Picabo Street retired from skiing after the Salt Lake Games in 2002. She now divides her time between Utah and Alabama.
Ravell Call, Deseret News
SNOWBASIN — Picabo Street is acutely conscious that she remains a "brand" after a stellar decade-plus in the limelight for her skiing skills in the downhill and Super-G.
The resume's a good one: She was the first American to win a World Cup season title in a speed event, capturing the downhill in 1995. She's also an Olympic gold medalist and veteran of three different Games.
She retired from professional skiing after the Salt Lake Games in 2002 and was inducted into a National Ski Hall of Fame a couple of years later. But she still endorses products — "If I believe in them. I'm pretty picky," she says.

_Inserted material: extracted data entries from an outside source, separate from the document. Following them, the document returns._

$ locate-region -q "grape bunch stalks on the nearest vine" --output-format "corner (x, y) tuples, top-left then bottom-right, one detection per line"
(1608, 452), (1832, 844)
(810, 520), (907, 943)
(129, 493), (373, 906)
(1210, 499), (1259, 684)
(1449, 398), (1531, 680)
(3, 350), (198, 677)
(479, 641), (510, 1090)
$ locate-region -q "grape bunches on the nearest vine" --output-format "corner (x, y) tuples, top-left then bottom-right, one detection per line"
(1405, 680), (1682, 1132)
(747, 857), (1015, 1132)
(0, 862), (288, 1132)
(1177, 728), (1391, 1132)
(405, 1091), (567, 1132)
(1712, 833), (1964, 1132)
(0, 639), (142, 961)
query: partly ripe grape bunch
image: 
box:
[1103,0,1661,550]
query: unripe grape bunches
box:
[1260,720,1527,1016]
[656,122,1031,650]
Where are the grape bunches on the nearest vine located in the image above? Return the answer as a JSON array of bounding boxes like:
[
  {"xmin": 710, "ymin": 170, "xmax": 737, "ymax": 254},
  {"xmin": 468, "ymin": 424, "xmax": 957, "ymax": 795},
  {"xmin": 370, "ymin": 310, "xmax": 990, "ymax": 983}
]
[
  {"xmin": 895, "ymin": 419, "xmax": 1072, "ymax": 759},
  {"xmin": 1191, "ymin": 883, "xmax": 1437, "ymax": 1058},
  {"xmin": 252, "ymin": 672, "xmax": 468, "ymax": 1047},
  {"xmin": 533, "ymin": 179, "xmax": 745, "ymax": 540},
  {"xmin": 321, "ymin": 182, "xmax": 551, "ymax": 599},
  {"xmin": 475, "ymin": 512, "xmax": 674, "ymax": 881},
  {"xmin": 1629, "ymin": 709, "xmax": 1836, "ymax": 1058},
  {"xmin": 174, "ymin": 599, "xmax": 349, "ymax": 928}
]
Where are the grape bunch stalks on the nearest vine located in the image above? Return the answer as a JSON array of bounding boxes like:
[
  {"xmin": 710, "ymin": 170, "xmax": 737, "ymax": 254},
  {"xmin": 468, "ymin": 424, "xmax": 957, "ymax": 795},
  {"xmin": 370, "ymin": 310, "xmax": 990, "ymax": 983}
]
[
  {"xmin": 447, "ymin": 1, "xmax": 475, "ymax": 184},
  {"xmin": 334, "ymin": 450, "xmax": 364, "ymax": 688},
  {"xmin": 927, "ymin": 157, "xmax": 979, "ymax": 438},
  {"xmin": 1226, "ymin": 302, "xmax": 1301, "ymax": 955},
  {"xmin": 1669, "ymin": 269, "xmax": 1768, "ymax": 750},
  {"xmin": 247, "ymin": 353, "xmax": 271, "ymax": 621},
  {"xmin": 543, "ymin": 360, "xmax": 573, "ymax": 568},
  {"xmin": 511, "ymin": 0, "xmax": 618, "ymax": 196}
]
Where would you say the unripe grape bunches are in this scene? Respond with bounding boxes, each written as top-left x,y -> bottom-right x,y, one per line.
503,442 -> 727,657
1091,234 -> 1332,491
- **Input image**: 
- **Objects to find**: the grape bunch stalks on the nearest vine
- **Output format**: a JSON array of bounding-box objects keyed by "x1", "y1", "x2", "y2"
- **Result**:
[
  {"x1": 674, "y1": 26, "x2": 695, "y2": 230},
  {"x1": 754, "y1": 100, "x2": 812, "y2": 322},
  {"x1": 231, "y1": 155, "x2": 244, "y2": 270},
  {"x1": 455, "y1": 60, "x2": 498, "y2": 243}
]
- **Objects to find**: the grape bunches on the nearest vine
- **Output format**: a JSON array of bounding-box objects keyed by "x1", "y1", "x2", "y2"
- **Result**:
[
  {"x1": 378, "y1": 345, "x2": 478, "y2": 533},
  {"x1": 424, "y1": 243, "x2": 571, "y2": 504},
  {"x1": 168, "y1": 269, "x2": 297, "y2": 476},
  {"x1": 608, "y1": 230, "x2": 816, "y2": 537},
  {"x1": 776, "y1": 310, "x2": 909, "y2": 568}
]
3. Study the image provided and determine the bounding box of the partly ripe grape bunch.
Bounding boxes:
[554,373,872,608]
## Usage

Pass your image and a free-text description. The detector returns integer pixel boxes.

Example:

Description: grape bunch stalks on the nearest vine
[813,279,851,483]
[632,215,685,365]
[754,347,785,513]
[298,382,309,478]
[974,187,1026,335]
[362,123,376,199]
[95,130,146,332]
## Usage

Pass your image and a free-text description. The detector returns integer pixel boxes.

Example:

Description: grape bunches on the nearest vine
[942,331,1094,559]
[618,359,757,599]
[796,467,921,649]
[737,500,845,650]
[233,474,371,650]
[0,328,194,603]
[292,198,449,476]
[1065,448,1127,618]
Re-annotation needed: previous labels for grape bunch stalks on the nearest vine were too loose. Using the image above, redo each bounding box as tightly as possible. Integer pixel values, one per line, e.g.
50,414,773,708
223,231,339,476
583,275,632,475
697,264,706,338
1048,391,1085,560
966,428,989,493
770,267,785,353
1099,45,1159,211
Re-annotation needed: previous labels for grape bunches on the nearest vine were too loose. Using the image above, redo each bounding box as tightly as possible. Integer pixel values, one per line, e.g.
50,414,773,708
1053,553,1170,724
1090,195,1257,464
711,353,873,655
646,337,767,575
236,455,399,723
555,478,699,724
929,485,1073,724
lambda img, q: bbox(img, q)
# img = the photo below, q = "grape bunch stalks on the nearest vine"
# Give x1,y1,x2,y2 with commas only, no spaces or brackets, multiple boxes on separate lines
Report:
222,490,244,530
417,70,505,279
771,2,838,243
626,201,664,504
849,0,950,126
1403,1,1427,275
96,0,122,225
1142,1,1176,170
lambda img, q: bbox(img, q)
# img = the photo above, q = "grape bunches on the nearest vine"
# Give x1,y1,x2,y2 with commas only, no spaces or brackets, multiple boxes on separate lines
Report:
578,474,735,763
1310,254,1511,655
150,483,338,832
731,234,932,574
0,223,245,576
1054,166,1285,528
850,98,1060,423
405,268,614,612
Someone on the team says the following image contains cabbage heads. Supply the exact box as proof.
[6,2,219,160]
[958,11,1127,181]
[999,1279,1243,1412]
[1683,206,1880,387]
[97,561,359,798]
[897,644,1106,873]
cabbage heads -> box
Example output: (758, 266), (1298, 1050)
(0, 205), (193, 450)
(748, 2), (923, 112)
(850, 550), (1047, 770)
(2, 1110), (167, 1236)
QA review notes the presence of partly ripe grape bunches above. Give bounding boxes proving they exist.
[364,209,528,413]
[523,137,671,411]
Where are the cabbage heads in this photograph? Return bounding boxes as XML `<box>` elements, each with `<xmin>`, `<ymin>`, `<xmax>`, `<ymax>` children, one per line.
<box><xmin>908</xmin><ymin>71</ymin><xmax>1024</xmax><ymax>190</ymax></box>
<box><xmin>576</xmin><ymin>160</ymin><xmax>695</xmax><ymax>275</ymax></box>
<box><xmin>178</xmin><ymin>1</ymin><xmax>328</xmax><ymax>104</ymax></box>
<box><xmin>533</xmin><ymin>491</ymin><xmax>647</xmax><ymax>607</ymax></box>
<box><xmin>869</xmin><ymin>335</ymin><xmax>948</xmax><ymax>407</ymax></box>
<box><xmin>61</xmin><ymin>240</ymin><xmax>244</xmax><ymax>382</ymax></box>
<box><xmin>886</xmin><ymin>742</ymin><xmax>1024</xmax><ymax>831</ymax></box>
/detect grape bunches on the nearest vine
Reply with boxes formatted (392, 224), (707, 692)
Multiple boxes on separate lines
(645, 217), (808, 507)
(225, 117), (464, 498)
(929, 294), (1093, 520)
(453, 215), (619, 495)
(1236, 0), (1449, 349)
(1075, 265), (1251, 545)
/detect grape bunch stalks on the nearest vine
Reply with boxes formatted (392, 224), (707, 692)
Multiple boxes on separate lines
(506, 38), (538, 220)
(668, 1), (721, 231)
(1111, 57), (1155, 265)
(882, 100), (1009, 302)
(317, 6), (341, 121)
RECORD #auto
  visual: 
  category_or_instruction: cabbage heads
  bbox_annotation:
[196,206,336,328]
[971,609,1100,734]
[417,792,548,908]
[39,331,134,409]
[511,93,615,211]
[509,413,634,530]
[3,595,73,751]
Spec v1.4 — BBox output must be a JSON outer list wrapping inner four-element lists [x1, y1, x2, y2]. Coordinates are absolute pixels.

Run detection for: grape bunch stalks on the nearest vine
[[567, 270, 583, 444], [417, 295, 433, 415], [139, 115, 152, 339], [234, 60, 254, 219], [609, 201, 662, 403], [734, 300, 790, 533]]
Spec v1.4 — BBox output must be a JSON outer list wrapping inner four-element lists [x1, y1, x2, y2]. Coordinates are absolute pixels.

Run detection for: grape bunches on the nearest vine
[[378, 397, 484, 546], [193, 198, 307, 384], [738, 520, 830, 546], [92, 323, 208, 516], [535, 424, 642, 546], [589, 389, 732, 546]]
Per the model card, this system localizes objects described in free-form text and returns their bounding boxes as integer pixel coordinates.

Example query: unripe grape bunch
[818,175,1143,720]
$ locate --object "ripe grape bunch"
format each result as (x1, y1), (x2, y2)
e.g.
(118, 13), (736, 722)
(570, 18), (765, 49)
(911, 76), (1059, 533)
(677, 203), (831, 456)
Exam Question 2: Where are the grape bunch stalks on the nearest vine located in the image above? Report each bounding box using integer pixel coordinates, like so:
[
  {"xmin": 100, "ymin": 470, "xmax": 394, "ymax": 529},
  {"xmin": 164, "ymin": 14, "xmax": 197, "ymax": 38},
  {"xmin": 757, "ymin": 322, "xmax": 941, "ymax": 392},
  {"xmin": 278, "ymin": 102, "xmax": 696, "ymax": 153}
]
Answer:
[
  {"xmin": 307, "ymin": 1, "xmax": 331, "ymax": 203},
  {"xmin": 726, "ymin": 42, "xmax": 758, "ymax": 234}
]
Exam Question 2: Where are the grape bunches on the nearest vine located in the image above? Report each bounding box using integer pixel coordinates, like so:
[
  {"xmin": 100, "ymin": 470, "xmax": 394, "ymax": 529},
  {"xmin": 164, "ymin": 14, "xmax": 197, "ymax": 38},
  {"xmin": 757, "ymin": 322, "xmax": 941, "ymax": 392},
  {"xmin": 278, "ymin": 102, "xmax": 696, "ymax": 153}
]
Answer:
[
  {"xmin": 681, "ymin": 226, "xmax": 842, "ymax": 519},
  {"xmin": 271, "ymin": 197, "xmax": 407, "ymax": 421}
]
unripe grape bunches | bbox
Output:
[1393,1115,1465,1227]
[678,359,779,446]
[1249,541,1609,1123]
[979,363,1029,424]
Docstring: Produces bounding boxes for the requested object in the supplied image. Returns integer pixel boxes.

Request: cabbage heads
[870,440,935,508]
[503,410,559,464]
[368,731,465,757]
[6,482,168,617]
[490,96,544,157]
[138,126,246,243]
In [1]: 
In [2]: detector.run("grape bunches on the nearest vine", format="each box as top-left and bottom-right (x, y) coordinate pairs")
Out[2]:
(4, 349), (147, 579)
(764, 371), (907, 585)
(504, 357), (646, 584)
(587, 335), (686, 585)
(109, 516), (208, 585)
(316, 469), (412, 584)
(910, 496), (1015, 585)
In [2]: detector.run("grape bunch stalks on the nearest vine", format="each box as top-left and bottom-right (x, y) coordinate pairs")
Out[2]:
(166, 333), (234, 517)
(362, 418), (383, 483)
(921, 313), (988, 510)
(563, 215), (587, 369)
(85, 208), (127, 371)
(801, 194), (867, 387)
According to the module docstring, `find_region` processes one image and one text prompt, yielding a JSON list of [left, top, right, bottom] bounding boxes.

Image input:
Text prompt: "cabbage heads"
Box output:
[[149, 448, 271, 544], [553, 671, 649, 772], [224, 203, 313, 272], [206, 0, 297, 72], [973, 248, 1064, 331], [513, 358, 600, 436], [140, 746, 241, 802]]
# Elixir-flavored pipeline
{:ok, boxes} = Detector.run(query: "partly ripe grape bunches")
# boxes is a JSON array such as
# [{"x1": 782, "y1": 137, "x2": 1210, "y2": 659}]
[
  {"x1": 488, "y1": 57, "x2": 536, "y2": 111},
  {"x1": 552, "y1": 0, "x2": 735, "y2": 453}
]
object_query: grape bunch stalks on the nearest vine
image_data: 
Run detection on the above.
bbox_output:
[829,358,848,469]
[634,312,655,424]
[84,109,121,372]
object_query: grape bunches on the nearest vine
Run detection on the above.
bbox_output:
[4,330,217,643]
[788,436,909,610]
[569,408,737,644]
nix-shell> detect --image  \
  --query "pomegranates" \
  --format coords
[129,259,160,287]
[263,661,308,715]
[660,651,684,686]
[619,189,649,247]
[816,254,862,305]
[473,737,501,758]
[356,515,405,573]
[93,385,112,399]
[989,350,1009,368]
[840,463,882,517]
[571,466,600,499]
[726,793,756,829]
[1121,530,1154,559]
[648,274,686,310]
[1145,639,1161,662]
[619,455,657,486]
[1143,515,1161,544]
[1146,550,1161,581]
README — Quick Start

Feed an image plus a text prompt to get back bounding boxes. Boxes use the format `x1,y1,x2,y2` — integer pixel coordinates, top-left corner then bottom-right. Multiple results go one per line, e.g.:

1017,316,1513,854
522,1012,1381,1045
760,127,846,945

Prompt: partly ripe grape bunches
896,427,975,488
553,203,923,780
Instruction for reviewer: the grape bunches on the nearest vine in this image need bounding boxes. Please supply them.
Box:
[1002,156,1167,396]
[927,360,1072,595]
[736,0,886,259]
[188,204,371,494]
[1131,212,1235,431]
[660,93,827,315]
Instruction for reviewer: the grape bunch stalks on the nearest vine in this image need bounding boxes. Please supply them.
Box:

Street made that comment in December during an interview right after she demonstrated a device she's endorsing from Launch Pad Gear called a Hookease, designed by an Ogden dad to help teach kids to ski.
"This is one," she said. "It gives me much less anxiety about teaching my boys to ski."
Street is also a motivational speaker, does color commentary for sporting events and is working on a TV show called "True Champions" that she hopes will be picked up by a network.
But the most meaningful moments these days are the homey ones, when she's rocking Roen, who just turned 1, or goofing off with Eli, 8, Trey, 7, or Dax, 2. While Olympian is a great moniker, she's even fonder of "mom."
"I have a very separate family life and I try to keep it that way," she said. "When I'm at home (the family divides time between Alabama or Utah), I'm mom, hair in a ponytail and maybe with my jammies on."
Most people have heard a little about her background — born in tiny Triumph, Idaho, in the shadow of Sun Valley, with no TV and, thus, "no false image to follow. Just me and my brother and my folks." She taught herself to ski after her dad and brother went, leaving a furious little Picabo behind. She sulked and raged and when her dad came home from she didn't know where, she demanded to know why she didn't get to go. He'd take her, he said, when she could ski.
So when the guys went inside to get warm and ready for dinner, she strapped on her brother's red, white and blue too-big K2 skis, no poles, and dragged herself up the hill behind the house, then slipped and fell her way back down, doing it again and again. When her dad called her for dinner, she made him watch what she'd just taught herself.
She got to go with them the next trip. She was 5.